What happens in Macbeth
The whole story, start to finish — every act, in plain modern English. This summary follows the play to its ending, so read on once you're ready to know how it closes.
Three witches meet on a stormy heath and agree to find a Scottish general named Macbeth. He has just won a brutal battle for King Duncan, cutting down the rebel Macdonwald, and Duncan rewards him with a new title, Thane of Cawdor. Macbeth does not know this yet. Crossing the heath with his friend Banquo, he meets the witches first. They hail him as Thane of Glamis, as Thane of Cawdor, and as king hereafter. They tell Banquo something stranger: his children will be kings, though he will not. Then they vanish. Moments later, messengers confirm the second title. The first prophecy has already come true.
Macbeth writes home to his wife. Lady Macbeth reads the letter and fears her husband is too soft to take the crown by murder. When she learns Duncan will sleep under their roof that night, she calls on dark spirits to harden her, then sets to work on Macbeth’s resolve. He wavers, listing every reason not to kill the king who has just honored him. She shames him, questions his manhood, and lays out the plan. That night, after Macbeth sees a phantom dagger floating toward Duncan’s room, he does it. He returns shaking, hands bloody, unable to stop hearing a voice that says he has murdered sleep. Lady Macbeth takes the daggers back herself.
In the morning Macduff discovers the body. Macbeth, covering himself, kills the drugged guards before they can speak. Duncan’s sons, Malcolm and Donalbain, flee the country, which makes them look guilty, and Macbeth is crowned king. But the witches promised the crown to Banquo’s line, not his own, and that gnaws at him. He hires murderers to kill Banquo and his son Fleance. Banquo dies; Fleance escapes into the dark. At a state banquet that night, Banquo’s ghost appears in Macbeth’s chair, visible only to him, and Macbeth falls apart in front of his guests while his wife scrambles to explain him away.
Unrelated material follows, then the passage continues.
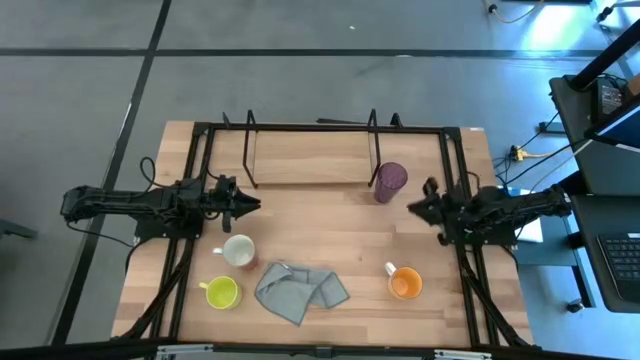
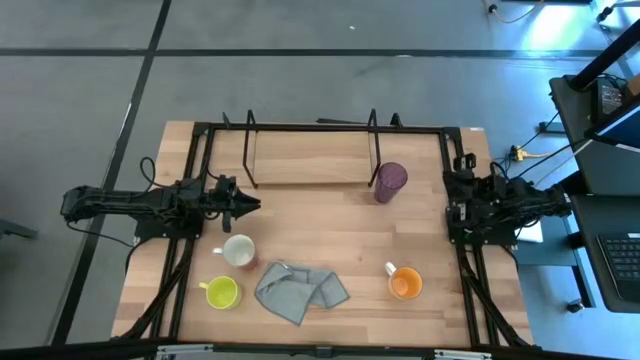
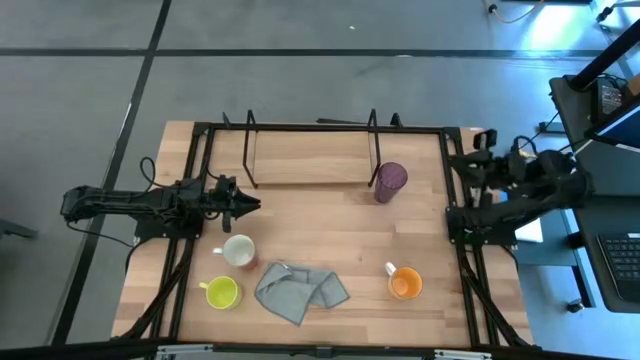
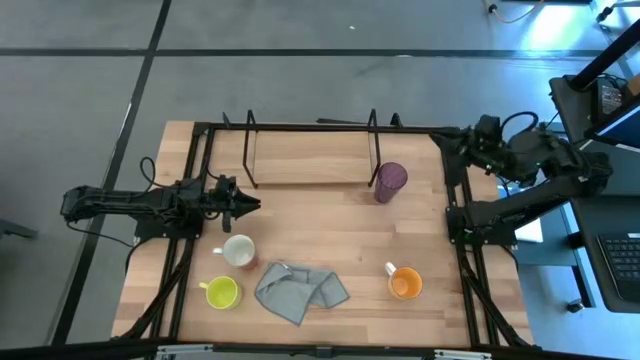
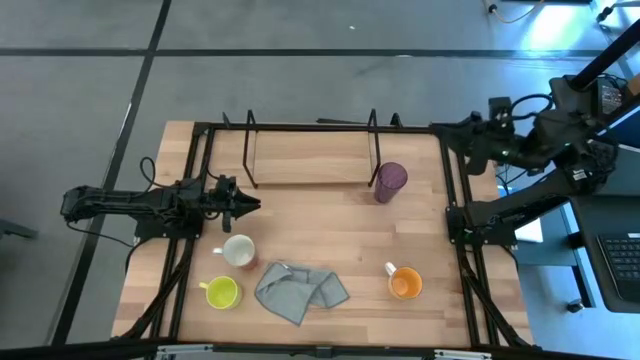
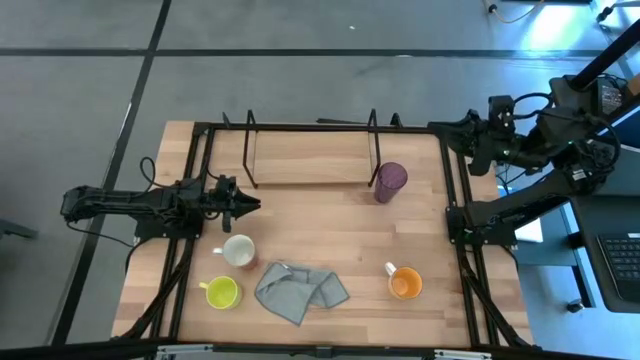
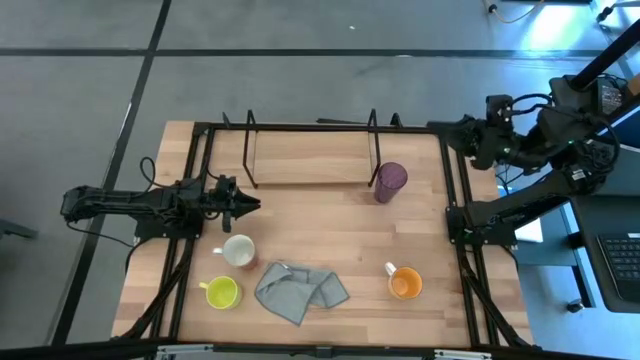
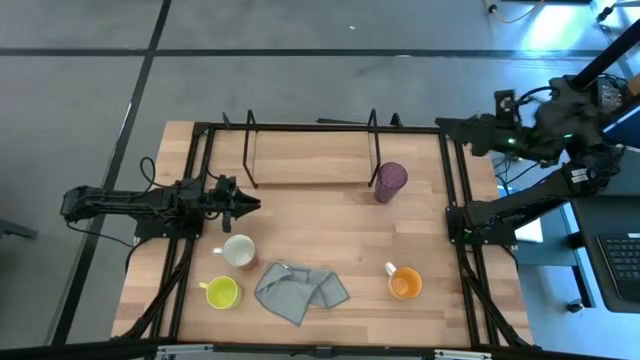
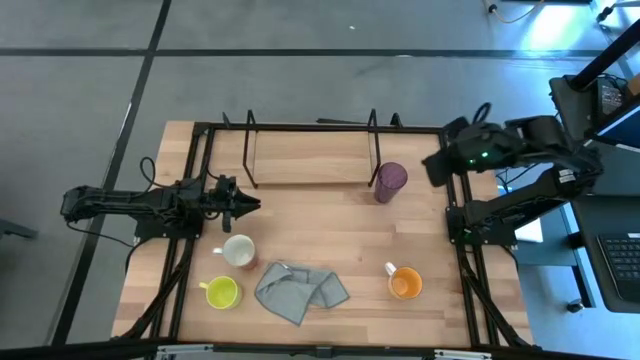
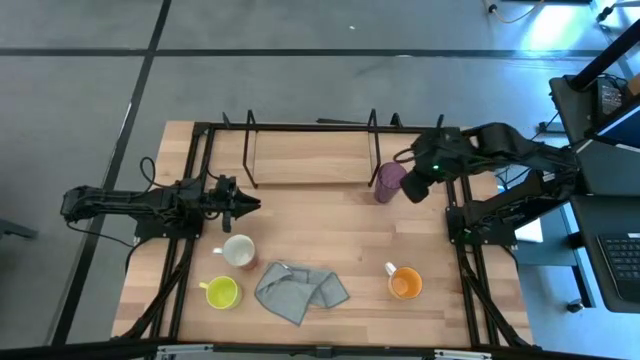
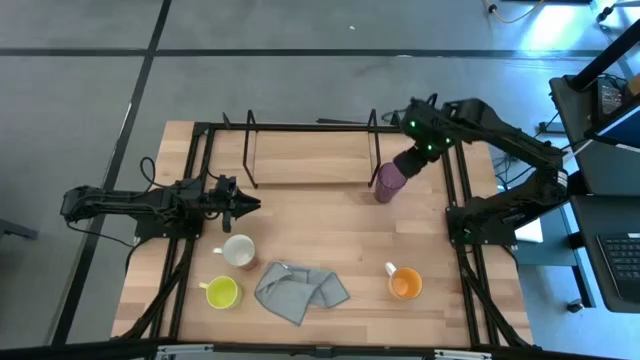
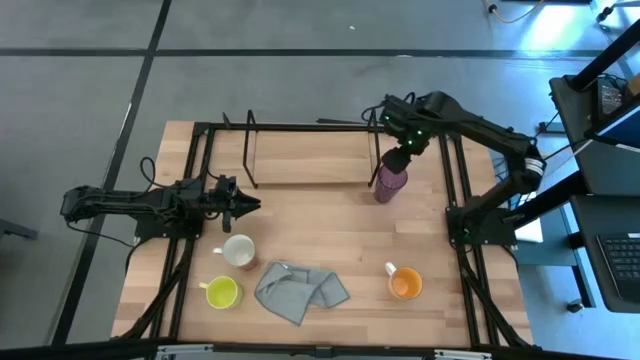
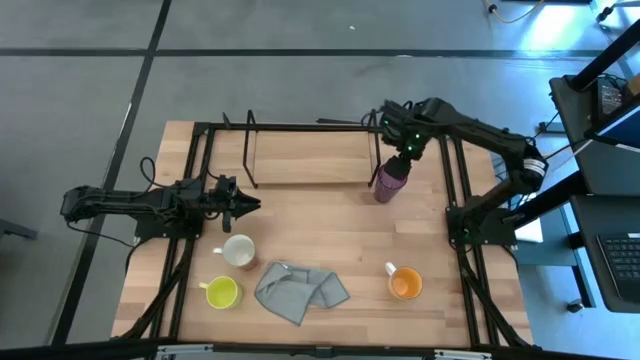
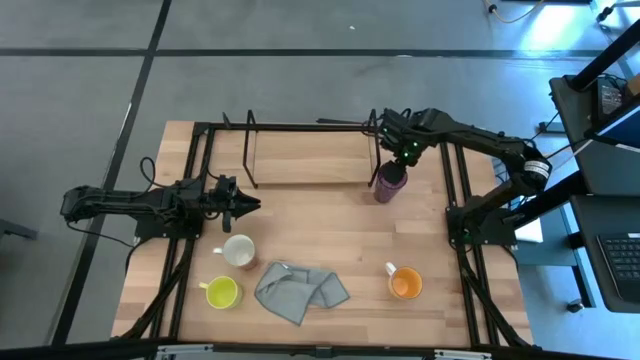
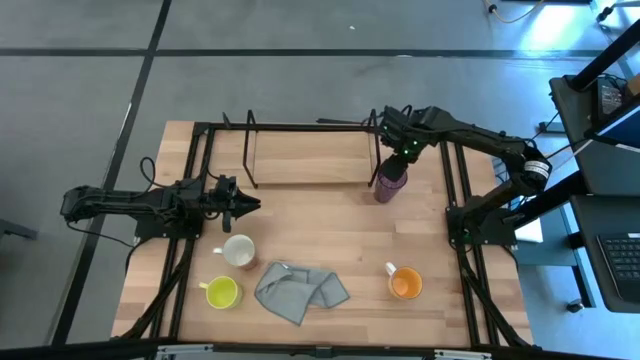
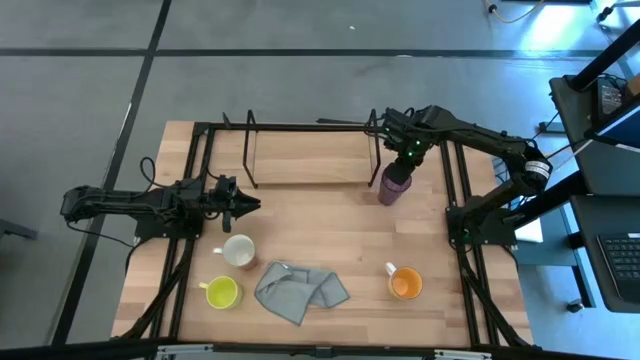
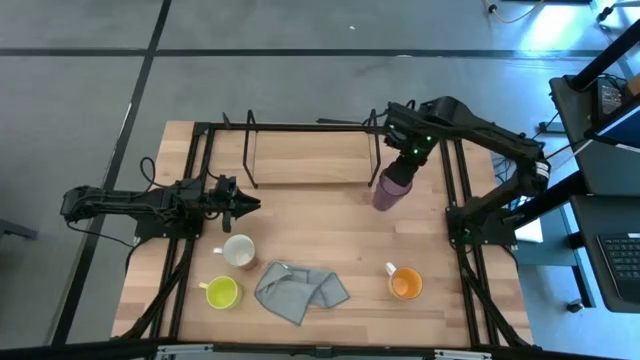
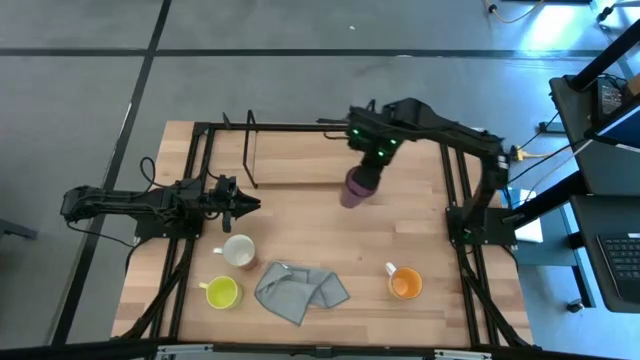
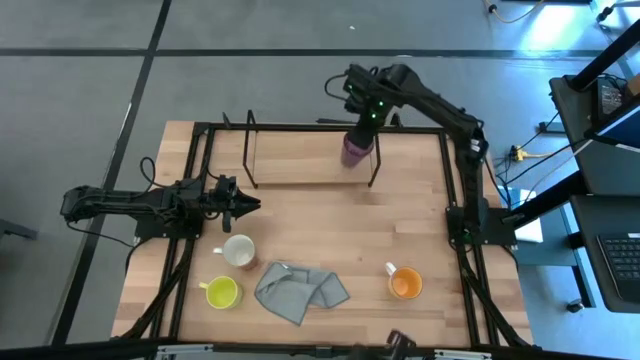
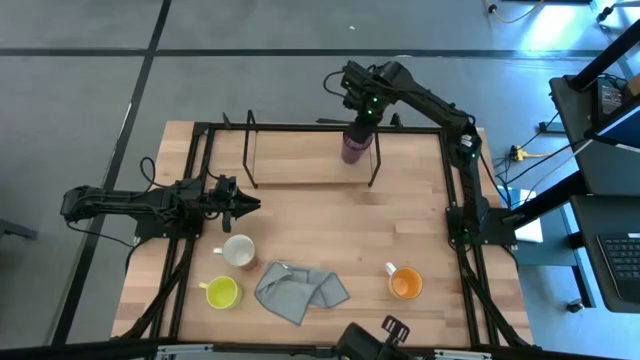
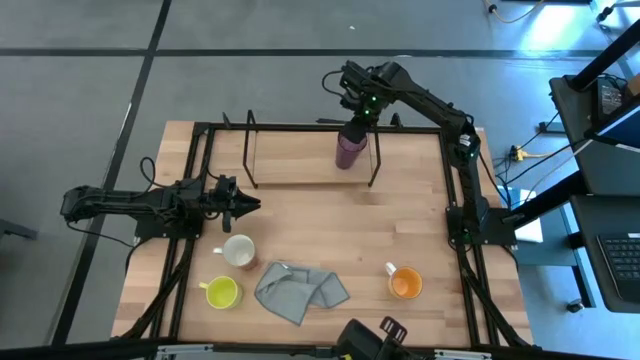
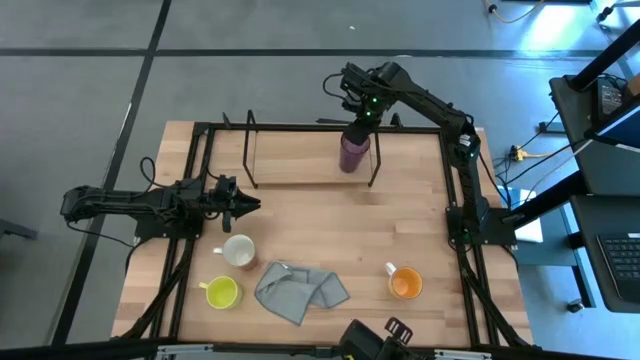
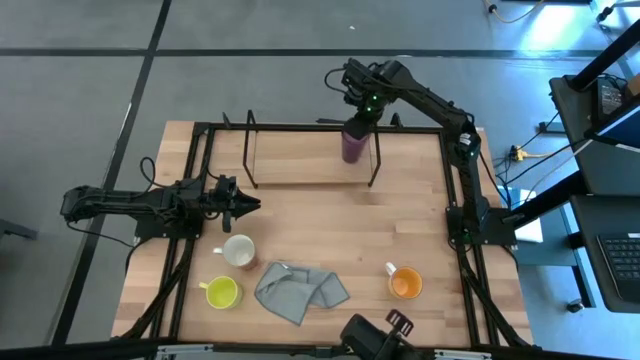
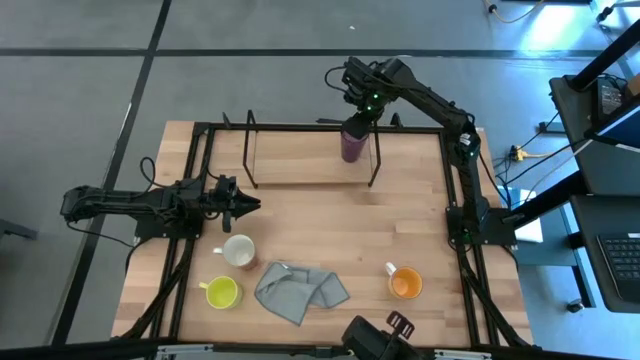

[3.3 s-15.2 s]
Task: Stack small to large cups/mugs on shelf
Put the violet cup on the shelf

Macbeth goes back to the witches for certainty. They conjure apparitions that tell him to beware Macduff, that no man born of woman can harm him, and that he is safe until Birnam Wood marches to Dunsinane. He hears all this as proof he cannot be touched. Then he learns Macduff has fled to England, and in fury he sends killers to Macduff’s castle, where they murder his wife and his children. In England, Macduff joins Malcolm, who is raising an army, and when the news of his slaughtered family reaches him he turns his grief into a vow of revenge.
The end closes in fast. Lady Macbeth, hollowed out by guilt, walks in her sleep, scrubbing at blood no one else can see and reliving the murders. Macbeth, besieged at Dunsinane, learns she is dead and answers with cold despair, calling life a tale told by an idiot, full of sound and fury, signifying nothing. Then word comes that Birnam Wood is moving: Malcolm’s soldiers have cut branches to hide their numbers. Macbeth realizes the witches deceived him, but he arms anyway. On the field he kills young Siward, still trusting the prophecy, until Macduff tells him he was not born but cut untimely from his mother’s womb. Stripped of his protection, Macbeth fights and dies. Macduff carries his head to Malcolm, who is hailed as Scotland’s rightful king and promises to set the broken country right.